*** Opening INPUT DATA ***

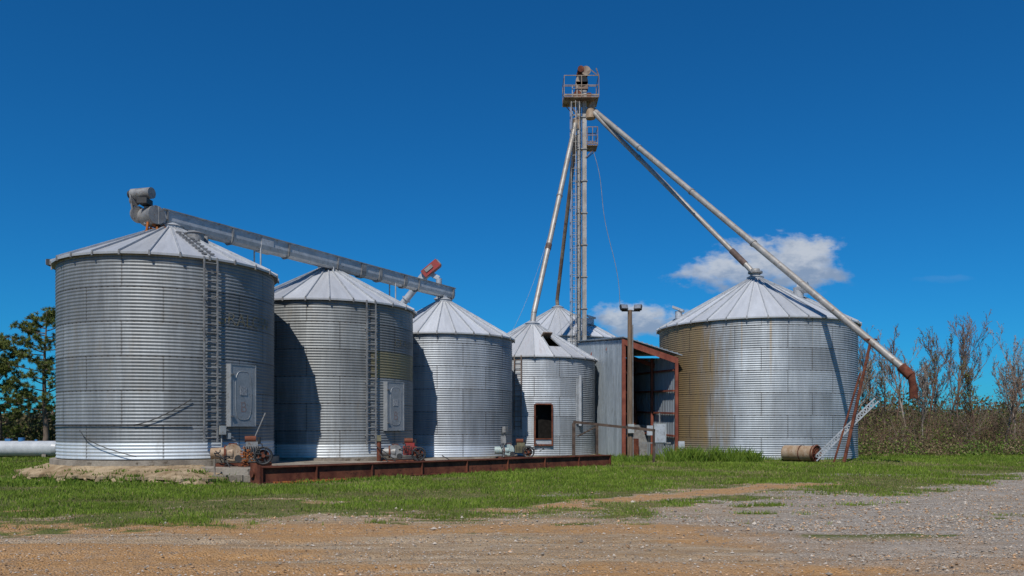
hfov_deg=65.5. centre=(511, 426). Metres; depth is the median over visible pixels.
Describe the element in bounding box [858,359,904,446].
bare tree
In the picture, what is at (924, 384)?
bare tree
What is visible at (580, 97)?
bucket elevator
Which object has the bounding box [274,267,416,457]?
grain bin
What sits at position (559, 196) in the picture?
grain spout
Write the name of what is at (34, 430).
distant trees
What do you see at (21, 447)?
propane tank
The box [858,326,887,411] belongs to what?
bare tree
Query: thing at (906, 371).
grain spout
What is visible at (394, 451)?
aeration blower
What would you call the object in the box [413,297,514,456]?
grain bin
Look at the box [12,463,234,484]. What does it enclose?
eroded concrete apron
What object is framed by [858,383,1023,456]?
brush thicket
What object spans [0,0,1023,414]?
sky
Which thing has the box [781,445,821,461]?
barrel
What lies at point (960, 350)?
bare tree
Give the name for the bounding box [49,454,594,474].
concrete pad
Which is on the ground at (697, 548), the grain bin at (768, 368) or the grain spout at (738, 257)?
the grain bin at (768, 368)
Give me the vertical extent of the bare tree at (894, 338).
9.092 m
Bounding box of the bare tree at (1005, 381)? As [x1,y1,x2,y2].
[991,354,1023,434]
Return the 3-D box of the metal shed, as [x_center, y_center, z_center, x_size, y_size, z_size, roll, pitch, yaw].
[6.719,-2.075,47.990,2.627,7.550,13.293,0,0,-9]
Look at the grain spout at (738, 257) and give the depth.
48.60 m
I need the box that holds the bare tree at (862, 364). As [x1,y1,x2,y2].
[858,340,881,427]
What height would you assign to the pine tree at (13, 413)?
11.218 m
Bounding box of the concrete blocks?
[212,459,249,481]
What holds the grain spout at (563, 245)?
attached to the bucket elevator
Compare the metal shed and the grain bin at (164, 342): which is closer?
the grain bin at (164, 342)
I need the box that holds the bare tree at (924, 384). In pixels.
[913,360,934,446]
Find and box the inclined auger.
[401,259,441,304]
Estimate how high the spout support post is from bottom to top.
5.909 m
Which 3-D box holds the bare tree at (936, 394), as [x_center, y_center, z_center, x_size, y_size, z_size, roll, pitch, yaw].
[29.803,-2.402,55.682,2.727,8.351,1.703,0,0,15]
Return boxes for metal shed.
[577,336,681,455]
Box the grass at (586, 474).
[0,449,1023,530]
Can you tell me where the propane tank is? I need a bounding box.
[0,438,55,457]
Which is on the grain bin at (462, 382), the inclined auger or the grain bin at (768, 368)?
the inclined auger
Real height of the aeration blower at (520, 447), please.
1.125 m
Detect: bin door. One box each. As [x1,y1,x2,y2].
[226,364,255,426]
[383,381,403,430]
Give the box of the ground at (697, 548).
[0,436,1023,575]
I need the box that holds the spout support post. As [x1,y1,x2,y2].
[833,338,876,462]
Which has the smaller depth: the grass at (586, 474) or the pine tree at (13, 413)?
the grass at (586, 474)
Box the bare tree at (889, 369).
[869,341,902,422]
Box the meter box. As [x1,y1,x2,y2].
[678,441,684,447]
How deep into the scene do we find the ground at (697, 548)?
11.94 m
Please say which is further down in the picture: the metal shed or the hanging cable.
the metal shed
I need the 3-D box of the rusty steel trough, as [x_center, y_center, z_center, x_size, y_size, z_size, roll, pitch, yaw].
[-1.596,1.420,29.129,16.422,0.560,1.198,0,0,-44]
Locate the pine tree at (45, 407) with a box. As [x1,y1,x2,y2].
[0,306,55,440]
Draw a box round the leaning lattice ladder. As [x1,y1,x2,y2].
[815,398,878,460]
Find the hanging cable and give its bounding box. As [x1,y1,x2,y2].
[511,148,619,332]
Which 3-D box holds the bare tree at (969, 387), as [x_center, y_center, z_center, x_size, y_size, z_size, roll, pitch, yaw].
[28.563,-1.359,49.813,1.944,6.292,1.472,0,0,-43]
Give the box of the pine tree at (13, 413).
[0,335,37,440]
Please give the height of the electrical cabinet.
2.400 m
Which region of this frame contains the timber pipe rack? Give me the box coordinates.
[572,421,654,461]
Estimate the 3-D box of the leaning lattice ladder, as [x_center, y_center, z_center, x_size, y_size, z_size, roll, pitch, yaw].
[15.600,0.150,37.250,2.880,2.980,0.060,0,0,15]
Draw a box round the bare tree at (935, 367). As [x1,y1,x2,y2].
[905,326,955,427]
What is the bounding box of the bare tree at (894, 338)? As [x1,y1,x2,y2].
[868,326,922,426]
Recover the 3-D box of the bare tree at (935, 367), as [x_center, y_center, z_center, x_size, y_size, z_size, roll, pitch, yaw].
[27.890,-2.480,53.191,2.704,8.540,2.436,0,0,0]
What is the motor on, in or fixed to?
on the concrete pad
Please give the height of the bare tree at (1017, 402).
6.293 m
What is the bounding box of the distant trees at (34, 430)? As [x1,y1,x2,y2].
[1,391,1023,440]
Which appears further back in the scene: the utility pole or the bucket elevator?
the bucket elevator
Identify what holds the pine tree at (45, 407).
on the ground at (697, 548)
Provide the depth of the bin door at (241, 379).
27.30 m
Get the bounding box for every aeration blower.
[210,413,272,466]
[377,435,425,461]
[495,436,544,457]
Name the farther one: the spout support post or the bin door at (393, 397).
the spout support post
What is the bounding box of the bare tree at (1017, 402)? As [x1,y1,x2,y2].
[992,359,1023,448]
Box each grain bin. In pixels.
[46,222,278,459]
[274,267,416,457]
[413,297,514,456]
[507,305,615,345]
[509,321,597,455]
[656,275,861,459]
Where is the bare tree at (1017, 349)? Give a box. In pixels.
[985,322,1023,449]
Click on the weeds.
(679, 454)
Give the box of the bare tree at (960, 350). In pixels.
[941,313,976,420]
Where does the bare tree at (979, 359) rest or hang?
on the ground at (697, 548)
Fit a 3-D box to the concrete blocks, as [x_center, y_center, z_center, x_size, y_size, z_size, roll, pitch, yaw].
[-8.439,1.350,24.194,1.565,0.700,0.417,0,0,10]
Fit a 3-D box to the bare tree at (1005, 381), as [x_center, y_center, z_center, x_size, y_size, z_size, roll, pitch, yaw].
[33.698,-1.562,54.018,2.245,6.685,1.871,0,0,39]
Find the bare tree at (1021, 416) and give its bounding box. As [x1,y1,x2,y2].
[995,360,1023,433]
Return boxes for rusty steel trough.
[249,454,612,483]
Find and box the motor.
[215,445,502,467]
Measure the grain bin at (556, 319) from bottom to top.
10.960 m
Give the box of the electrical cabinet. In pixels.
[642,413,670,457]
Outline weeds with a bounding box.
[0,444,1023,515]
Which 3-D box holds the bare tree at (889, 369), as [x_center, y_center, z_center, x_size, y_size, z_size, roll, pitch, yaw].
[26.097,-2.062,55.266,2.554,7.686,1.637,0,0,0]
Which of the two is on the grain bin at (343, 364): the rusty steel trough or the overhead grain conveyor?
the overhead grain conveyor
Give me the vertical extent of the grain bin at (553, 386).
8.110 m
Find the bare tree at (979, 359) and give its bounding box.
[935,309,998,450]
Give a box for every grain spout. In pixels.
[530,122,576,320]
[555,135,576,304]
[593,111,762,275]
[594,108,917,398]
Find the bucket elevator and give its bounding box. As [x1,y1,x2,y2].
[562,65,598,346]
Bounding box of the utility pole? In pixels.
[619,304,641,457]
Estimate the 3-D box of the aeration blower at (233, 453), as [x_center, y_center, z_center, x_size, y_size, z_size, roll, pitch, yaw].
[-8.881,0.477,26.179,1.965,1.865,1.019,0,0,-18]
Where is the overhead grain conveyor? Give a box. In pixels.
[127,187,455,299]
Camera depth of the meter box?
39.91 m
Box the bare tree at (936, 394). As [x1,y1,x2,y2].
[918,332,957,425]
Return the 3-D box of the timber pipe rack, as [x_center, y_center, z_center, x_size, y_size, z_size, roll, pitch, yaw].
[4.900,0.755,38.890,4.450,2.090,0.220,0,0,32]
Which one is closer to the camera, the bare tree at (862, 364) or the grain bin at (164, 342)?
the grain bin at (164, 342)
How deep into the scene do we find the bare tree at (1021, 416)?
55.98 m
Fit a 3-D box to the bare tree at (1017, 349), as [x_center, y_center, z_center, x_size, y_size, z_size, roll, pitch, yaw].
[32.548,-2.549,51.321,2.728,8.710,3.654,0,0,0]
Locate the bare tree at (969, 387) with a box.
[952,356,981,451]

*** Closing INPUT DATA ***

Using the data above, print exactly the lines from the line that contains "Where is the bare" through the line that contains "[-8.439,1.350,24.194,1.565,0.700,0.417,0,0,10]", with both included.

### OUTPUT
Where is the bare tree at (1017, 349)? Give a box. In pixels.
[985,322,1023,449]
Click on the weeds.
(679, 454)
Give the box of the bare tree at (960, 350). In pixels.
[941,313,976,420]
Where does the bare tree at (979, 359) rest or hang?
on the ground at (697, 548)
Fit a 3-D box to the concrete blocks, as [x_center, y_center, z_center, x_size, y_size, z_size, roll, pitch, yaw].
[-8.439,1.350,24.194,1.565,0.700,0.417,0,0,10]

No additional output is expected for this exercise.